**Records to process:**
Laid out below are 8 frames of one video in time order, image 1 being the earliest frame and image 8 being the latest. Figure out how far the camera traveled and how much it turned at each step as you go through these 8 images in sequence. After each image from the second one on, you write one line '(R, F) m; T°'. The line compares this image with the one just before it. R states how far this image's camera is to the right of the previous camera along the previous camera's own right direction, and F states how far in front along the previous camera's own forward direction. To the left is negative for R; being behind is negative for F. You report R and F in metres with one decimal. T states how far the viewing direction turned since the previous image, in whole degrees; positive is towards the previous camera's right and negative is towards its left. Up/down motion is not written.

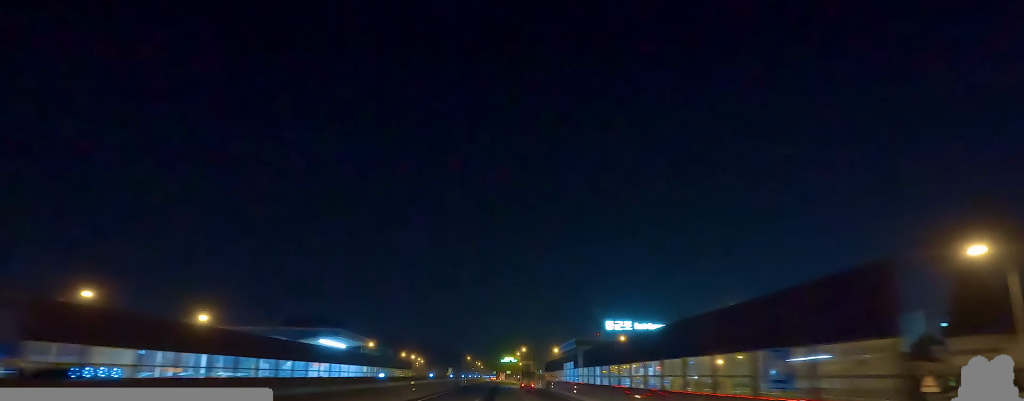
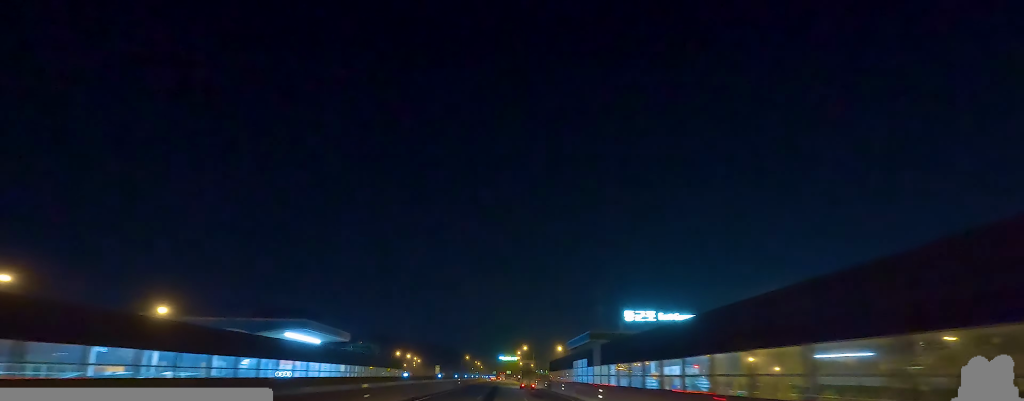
(-0.7, +11.9) m; 0°
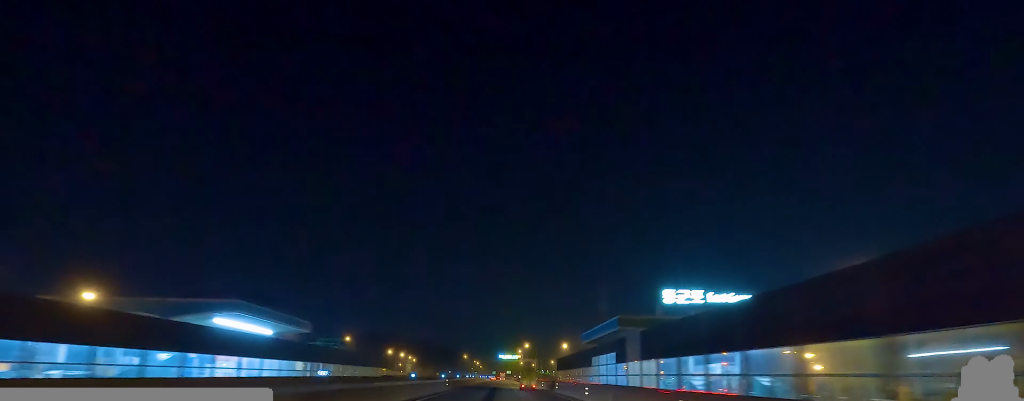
(+0.1, +15.6) m; +1°
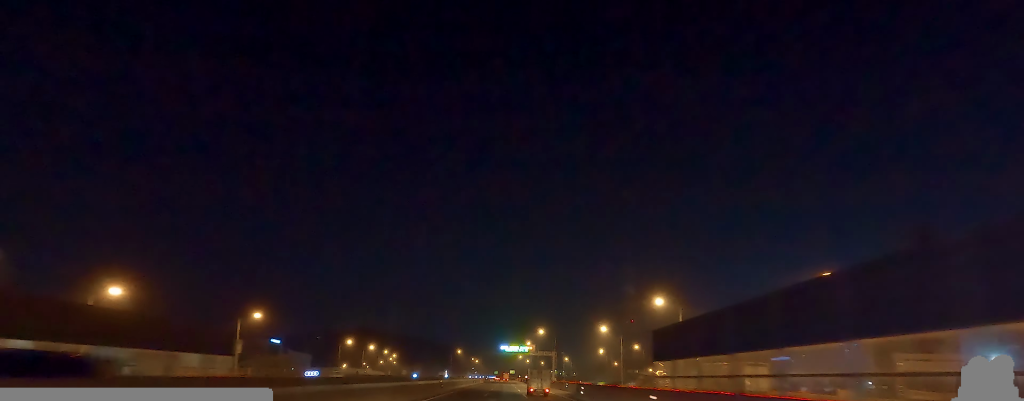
(+0.8, +58.8) m; -1°
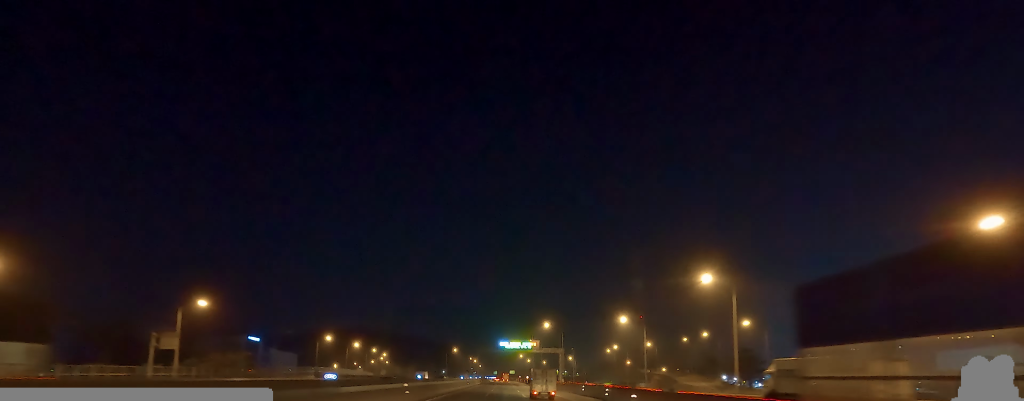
(-0.6, +17.3) m; 0°
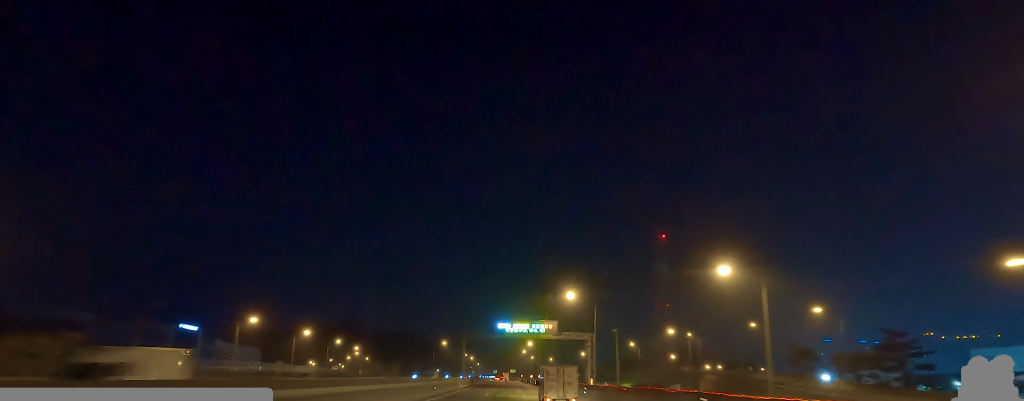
(+1.8, +39.3) m; +1°
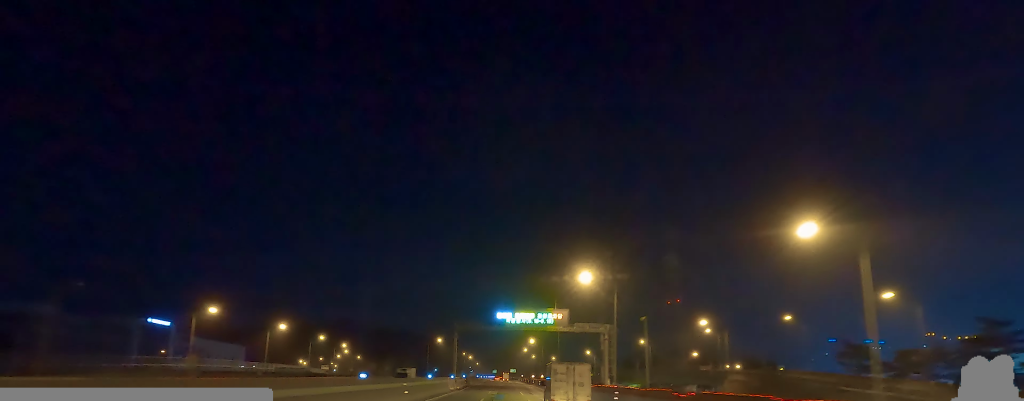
(+0.4, +12.7) m; -1°
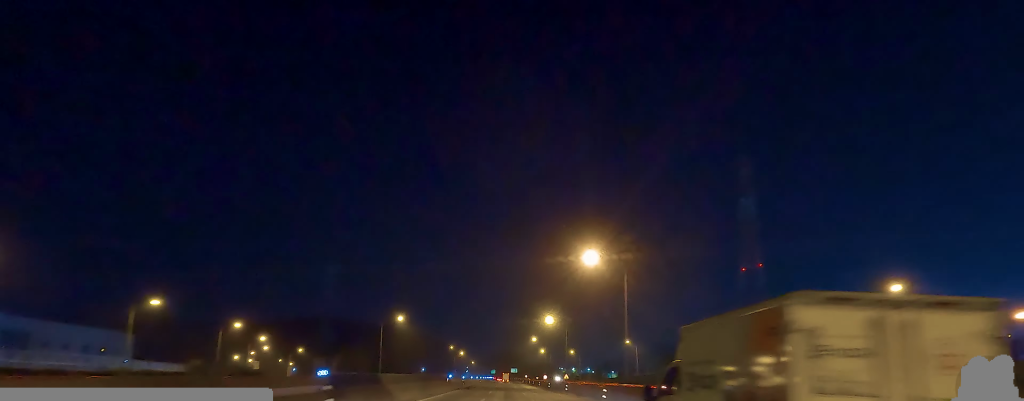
(-0.4, +61.2) m; 0°
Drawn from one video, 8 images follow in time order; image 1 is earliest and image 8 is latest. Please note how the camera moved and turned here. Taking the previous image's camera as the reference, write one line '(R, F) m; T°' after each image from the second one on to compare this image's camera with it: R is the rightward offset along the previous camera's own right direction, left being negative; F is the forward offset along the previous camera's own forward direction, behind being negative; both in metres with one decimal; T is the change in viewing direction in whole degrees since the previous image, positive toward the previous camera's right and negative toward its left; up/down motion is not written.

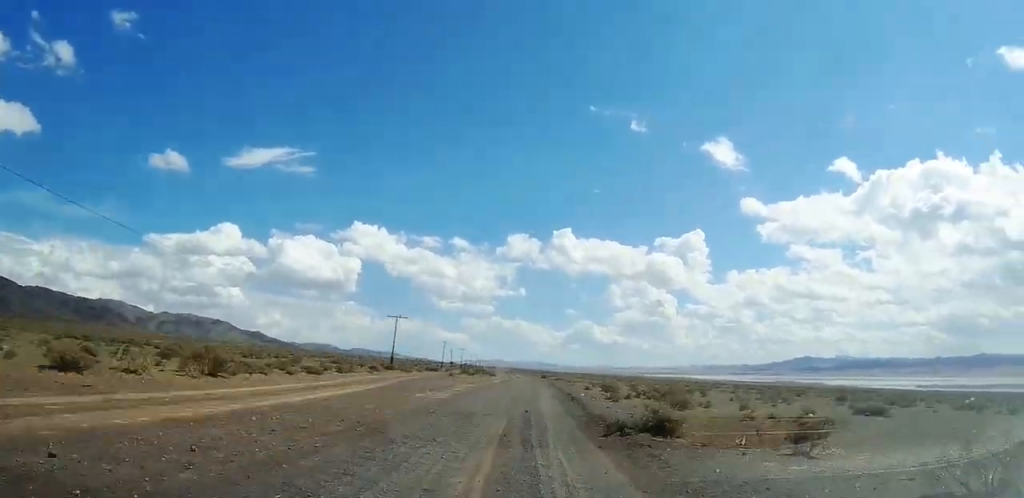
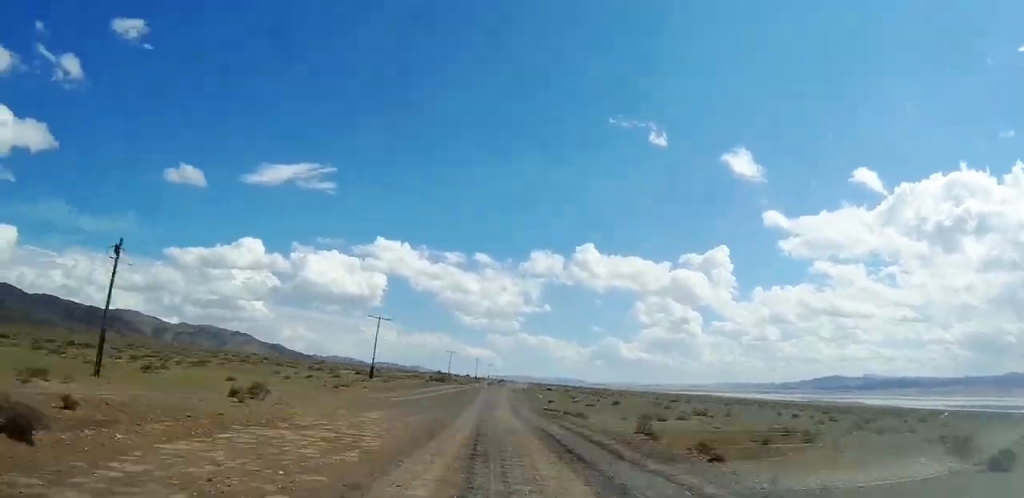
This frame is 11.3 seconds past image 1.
(-1.0, +139.6) m; -1°
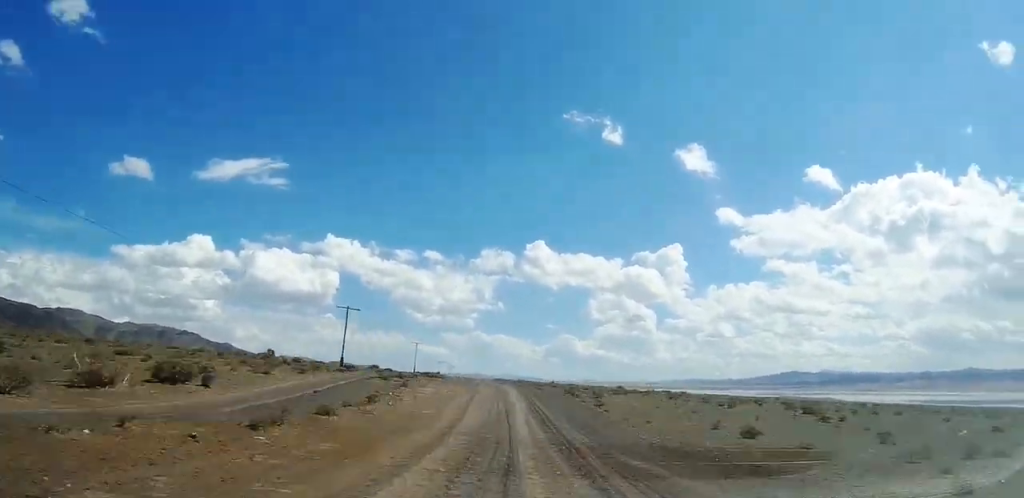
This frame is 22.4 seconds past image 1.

**Exercise prompt:**
Copy the lines of the records, beginning where the line containing "This frame is 11.3 seconds past image 1." appears and continuing through the final line, exactly and with no pictures.

**Exercise solution:**
This frame is 11.3 seconds past image 1.
(-1.0, +139.6) m; -1°
This frame is 22.4 seconds past image 1.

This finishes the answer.